Curare questi dettagli è ciò che distingue un metodo robusto da uno che “funziona solo a volte”. Una precolonna (guard column) sacrificale protegge la colonna analitica trattenendo lo sporco: costa poco e si sostituisce facilmente, allungando di molto la vita della colonna principale. Allo stesso modo, un flussaggio regolare con solvente forte rimuove i composti fortemente trattenuti che, accumulandosi, farebbero comparire picchi spuri nelle corse successive.

Domande frequenti

Cosa significa l’”HP” di HPLC?

Sta per “high performance”, ad alte prestazioni, e fa riferimento alle particelle finissime della colonna e alle alte pressioni necessarie per farvi passare l’eluente. In passato la sigla veniva letta come “high pressure”, alta pressione.

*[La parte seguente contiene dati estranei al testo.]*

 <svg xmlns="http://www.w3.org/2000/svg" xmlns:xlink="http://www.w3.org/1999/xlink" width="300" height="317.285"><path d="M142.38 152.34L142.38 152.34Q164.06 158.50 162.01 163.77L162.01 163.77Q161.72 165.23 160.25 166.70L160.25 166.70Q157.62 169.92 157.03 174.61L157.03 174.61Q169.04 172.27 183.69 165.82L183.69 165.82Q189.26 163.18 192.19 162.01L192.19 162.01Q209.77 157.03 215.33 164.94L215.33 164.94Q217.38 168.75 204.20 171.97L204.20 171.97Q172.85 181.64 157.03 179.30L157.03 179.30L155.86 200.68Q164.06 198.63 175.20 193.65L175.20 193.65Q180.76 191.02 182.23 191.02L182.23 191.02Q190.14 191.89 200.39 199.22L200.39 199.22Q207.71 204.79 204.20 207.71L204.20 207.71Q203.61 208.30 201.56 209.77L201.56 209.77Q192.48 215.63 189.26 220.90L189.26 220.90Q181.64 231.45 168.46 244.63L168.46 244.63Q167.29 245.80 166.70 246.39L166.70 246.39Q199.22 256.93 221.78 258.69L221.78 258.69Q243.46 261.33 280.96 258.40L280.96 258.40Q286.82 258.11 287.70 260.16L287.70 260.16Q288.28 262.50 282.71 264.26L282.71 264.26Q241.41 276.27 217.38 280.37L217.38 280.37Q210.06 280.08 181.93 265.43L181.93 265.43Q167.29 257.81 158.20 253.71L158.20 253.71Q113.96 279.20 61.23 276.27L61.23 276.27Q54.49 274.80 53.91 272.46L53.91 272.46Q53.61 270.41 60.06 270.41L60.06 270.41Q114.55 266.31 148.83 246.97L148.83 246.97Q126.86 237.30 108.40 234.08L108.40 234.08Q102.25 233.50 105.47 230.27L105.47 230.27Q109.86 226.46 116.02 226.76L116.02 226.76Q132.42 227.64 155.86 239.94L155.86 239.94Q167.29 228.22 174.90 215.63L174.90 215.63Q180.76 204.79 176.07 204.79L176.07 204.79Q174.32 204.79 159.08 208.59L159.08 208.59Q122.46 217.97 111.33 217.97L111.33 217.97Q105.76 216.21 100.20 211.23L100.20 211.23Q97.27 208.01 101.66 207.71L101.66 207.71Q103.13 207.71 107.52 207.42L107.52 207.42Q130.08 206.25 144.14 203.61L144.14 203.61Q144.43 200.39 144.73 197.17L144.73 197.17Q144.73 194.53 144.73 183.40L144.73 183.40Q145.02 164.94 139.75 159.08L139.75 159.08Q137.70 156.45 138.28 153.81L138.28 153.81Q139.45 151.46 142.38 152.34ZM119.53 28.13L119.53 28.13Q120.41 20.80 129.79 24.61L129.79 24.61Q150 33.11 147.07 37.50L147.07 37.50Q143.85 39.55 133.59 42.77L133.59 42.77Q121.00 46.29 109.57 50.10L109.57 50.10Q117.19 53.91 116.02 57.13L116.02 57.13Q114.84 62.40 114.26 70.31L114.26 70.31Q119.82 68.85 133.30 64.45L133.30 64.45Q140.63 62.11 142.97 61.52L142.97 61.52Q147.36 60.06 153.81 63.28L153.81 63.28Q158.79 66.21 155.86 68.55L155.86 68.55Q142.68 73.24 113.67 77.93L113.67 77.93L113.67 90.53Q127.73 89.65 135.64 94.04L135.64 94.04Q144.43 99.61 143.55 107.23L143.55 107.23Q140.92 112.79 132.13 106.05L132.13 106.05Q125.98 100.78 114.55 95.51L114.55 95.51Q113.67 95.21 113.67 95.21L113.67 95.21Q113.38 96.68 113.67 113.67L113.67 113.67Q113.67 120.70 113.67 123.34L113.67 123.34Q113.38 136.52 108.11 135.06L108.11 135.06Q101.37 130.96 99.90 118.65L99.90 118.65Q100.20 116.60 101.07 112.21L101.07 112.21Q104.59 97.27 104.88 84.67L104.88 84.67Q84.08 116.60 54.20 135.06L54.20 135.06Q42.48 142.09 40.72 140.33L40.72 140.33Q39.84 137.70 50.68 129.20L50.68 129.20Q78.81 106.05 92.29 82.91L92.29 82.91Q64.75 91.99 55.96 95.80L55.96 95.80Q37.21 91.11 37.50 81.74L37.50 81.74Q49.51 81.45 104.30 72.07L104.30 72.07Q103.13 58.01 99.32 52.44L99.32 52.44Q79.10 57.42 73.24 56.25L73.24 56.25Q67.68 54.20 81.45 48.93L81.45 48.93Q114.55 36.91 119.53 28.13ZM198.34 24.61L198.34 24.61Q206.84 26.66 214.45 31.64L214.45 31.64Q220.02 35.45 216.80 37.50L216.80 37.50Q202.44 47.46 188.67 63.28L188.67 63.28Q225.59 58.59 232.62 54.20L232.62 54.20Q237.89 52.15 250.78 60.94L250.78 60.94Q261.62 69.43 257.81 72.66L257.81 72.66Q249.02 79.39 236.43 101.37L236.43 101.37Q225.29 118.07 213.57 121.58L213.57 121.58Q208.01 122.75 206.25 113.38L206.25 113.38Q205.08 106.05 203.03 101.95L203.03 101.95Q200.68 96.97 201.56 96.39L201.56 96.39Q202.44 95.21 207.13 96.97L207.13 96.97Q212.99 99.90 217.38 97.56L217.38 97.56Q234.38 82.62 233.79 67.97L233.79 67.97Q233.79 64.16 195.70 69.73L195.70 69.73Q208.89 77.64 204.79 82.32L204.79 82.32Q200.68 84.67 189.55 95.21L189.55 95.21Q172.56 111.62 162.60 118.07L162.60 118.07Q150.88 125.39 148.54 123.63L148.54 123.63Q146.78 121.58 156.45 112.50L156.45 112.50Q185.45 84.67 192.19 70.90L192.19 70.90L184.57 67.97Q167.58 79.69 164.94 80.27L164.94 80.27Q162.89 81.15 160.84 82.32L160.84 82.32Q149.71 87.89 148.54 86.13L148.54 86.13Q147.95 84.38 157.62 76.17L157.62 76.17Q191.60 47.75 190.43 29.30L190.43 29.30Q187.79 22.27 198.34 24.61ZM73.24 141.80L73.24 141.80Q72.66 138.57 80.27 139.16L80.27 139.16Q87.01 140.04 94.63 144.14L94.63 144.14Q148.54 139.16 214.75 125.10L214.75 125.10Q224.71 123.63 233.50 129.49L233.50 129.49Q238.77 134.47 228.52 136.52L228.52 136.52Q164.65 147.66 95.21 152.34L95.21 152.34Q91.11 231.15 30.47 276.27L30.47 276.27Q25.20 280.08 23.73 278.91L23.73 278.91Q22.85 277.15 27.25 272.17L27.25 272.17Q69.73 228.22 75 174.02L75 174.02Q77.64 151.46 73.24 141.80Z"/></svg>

Quando si usa l’HPLC al posto della GC?

Quando il composto non è volatile, si decompone con il calore o ha un peso molecolare elevato: principi attivi, zuccheri, proteine, polimeri. Per i composti volatili e stabili al calore resta preferibile la GC.

Che cos’è la LC-MS?

È l’accoppiamento tra HPLC e spettrometria di massa: unisce la capacità di separazione dell’HPLC all’identificazione e all’alta sensibilità della massa. È fondamentale per le impurezze in traccia e le analisi di conferma.

Su quale parametro intervengo per primo se due picchi non si separano?

Sulla selettività (α): è il fattore con l’effetto più forte sulla risoluzione. In pratica si cambia composizione dell’eluente, pH o colonna. Solo dopo ha senso aumentare l’efficienza (N) o aggiustare la ritenzione (k).

Perché i risultati cambiano se cambio colonna?

La colonna determina la selettività: variando fase stazionaria, dimensione delle particelle o lunghezza cambiano tempi di ritenzione e risoluzione. Per questo i metodi validati specificano sempre la colonna esatta e tutte le condizioni operative.